– Ты что творишь?! – рявкнул он. – Жить надоело?!
Малая подобралась, привстала на локтях. Тело просвечивало сквозь мокрую майку. Паника исказила тонкое лицо.
– Тебе-то что до меня? – Она с трудом встала и попятилась. – Чего прицепился, извращенец? Тоже на инвалидов тянет?
Вот это было неожиданно.
Энцо вытаращил глаза. Сердце налилось тяжестью, заухало от вдарившего адреналина.
– А ну повтори!
Он шагнул ближе, ухватил Малую за плечи и тряхнул. Не рассчитал силу – девчонка побелела от боли, голова мотнулась.
–
– Тогда о каких деньгах ты говорил?! По коммуникатору! Я все слышала, не думай, что я…
– О деньгах на проезд, дура!
Малая ссутулилась, обмякла в его хватке. Мокрые волосы плетьми налипли на ее лицо, и Энцо разжал пальцы, проклиная свою несдержанность. На бледных, покрытых песком плечах налились длинные красные отметины, особенно яркие на правой стороне – от имплантата, заменявшего Энцо руку.
А, да пошла бы она в Тартар, эта малолетка.
Он развернулся, вспахав рыжую пыль ботинками. И чего вдруг решил заделаться работником соцслужбы? Слепые подростки- бродяжки были делом легионеров, а у него и своих проблем хватало. Слепой не нравится его общество? Лучше сдохнуть под колесами? Боги в помощь.
– Извини… – донеслось вслед. Голос Малой дрожал, звучал сдавленно, как сквозь слезы.

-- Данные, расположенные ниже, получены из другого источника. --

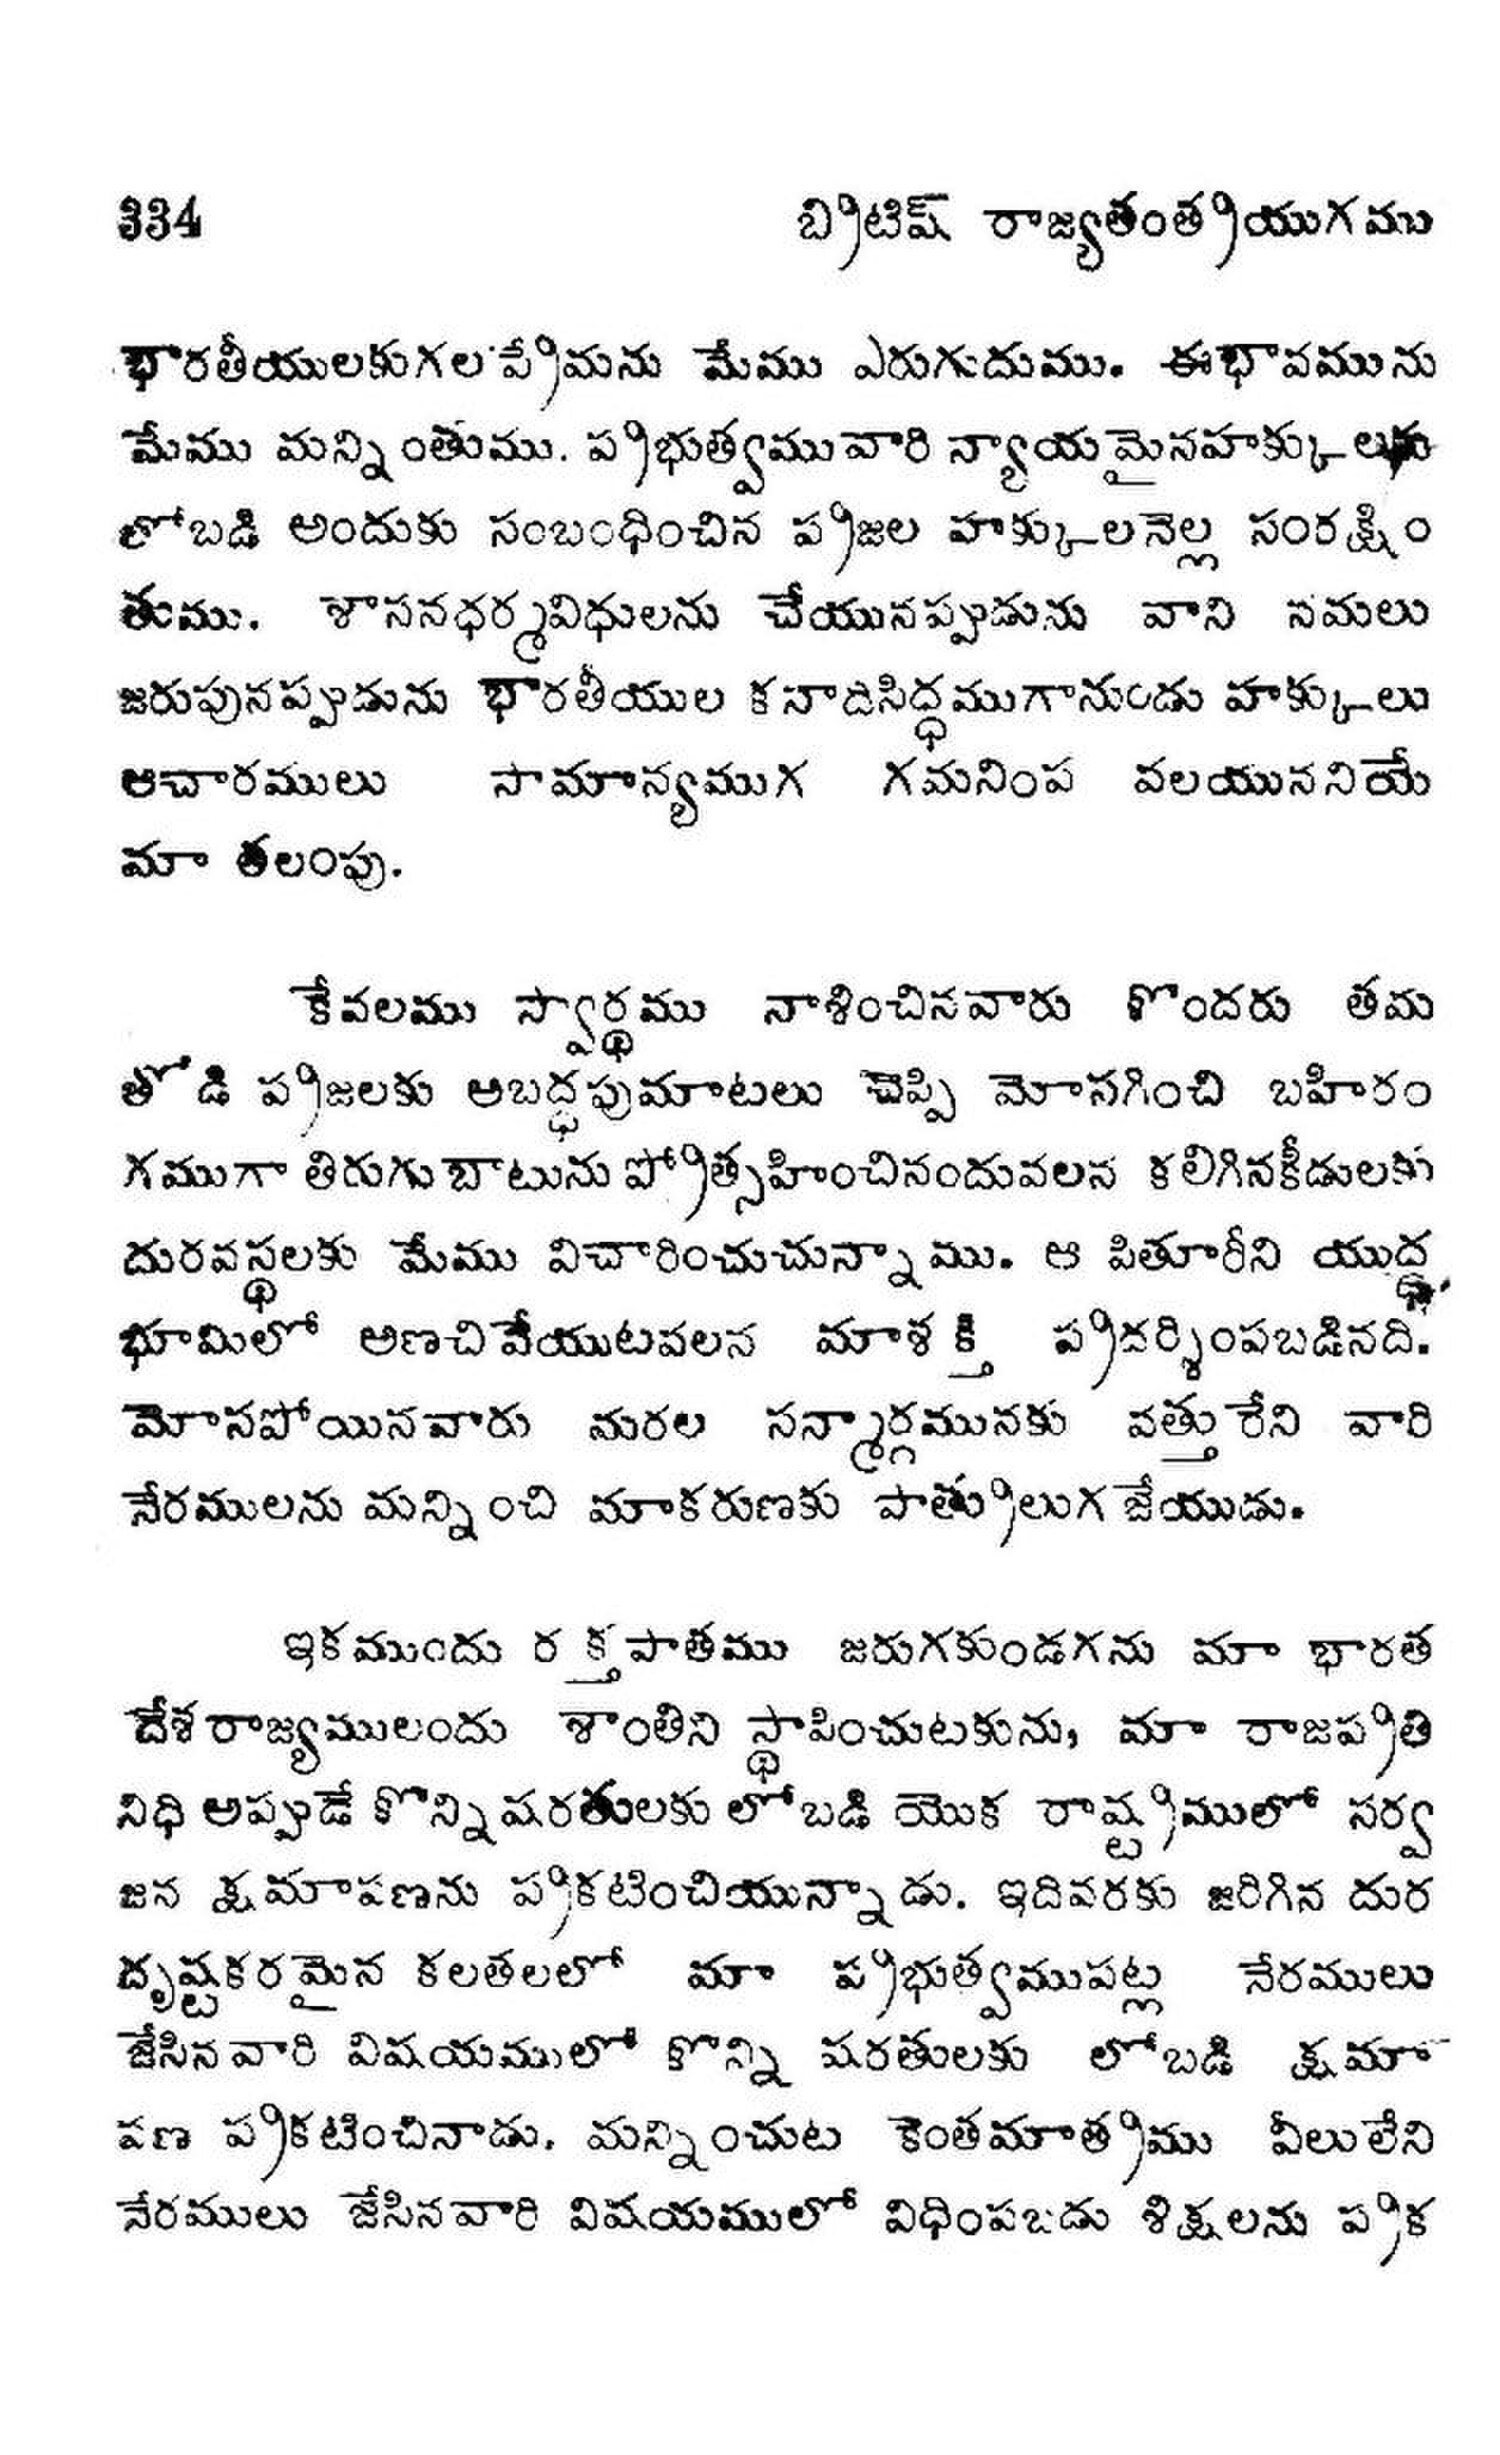భారతీయులకుగల ప్రేమను మేము ఎరుగుదుము. ఈభావమును మేము మన్నింతుము. ప్రభుత్వమువారి న్యాయమైనహక్కులకు లోబడి అందుకు సంబంధించిన ప్రజల హక్కులనెల్ల సంరక్షింతుము. శాసనధర్మవిధులను చేయునప్పుడును వాని నమలుజరుపునప్పుడును భారతీయుల కనాదిసిద్ధముగానుండు హక్కులు ఆచారములు సామాన్యముగ గమనింప వలయుననియే మా తలంపు.

కేవలము స్వార్ధము నాశించినవారు కొందరు తమతోడి ప్రజలకు అబద్దపుమాటలు చెప్పి మోసగించి బహిరంగముగా తిరుగుబాటును పోత్సహించినందువలన కలిగినకీడులకు దురవస్థలకు మేము విచారించుచున్నాము. ఆ పితూరీని యుద్దభూమిలో అణచివేయుటవలన మాశక్తి ప్రదర్శింపబడినది. మోసపోయినవారు మరల సన్మార్గమునకు వత్తురేని వారి నేరములను మన్నించి మాకరుణకు పాత్రులుగజేయుడు.

ఇకముందు రక్తపాతము జరుగకుండగను మా భారతదేశరాజ్యములందు శాంతిని స్థాపించుటకును, మా రాజప్రతినిధి అప్పుడే కొన్నిషరతులకులోబడి యొక రాష్ట్రములో సర్వజన క్షమాపణను ప్రకటించియున్నాడు. ఇదివరకు జరిగిన దురదృష్టకరమైన కలతలలో మా ప్రభుత్వముపట్ల నేరములు జేసినవారి విషయములో కొన్ని షరతులకు లోబడి క్షమాపణ ప్రకటించినాడు. మన్నించుట కెంతమాత్రము వీలులేని నేరములు జేసినవారి విషయములో విధింపబడు శిక్షలను ప్రక

Энцо не хотел останавливаться. Но все же шаркнул по песку и замер.
– Прости меня. Я… Не уходи.
Он вздохнул, в отчаянии качнул головой. Быстро вернулся к Малой, ухватил за руку и потащил по обочине шоссе. Прочь от заправки.
Им стоило поймать попутку.
Энцо слишком много курил. Порой казалось, что табачным дымом воняло все. Машина тряслась и громыхала, в кузов сочилась химическая дорожная вонь, что-то звякало в багажнике. На поворотах заносило так, что приходилось цепляться за разложенное по полу тряпье. А сигарета Энцо невозмутимо вспыхивала точкой. Всю дорогу он молчал; лишь обменялся с водителем попутки парой фраз на непонятном грубом наречии. На похожем говорили рабочие в заводских подвалах.
Их подвезли только до Восьмой курии. Дальше пришлось идти пешком. Сперва по пустырю, затем по бетонной дорожке, рядом с которой низко гудело силовое поле. Энцо сказал, что по ту сторону была территория местного космопорта. Пески и камни сменились меленькой травкой, на которой было приятно сидеть. Солнце продолжало жарить косыми лучами, припекая лишь одну половину тела. Другая зябла в надвигающемся ночном холоде.
Привал они устроили только на закате, когда зыбкая пелена вокруг I-45 насытилась цветом и тенями.
– Так вот, Малая, есть вариант, – откашлялся Энцо. – Я еду в Четвертую. У кореша есть работа. Может и тебя пристроить, если я замолвлю словечко.
– Какая работа? – насторожилась I-45.
Энцо затянулся; сигарета вспыхнула во тьме светляком.
– Какая-нибудь непыльная. Ты ж слепая. Не боись, в короткой тоге не заставят ходить.
Он снова затянулся. Его силуэт пошевелился, вытянул ноги по траве.
– Я таким не занимаюсь. Торговлей детьми.
– А я не ребенок, – поторопилась ответить I-45. Было бы здорово положиться на Энцо и принять помощь. Поверить ему. Ведь злился он убедительно – едва не сломал ей плечо.
Хотя пахнущий лавандой тип тоже пел приятно.
– Глянь-ка, – прервал ее мысли Энцо. – Челнок взлетает.
I-45 торопливо вскинула голову и, поймав себя на этом, улыбнулась. Смешно. Словно она могла хоть что-нибудь разглядеть, на таком-то расстоянии.
– Как… как он выглядит? – Она решилась спросить, шаря взглядом по сумеречной мути над головой.
– Как здоровая консервная банка, набитая патрициями, туда их в Стикс, – фыркнул Энцо. – Вот сейчас ты его услышишь.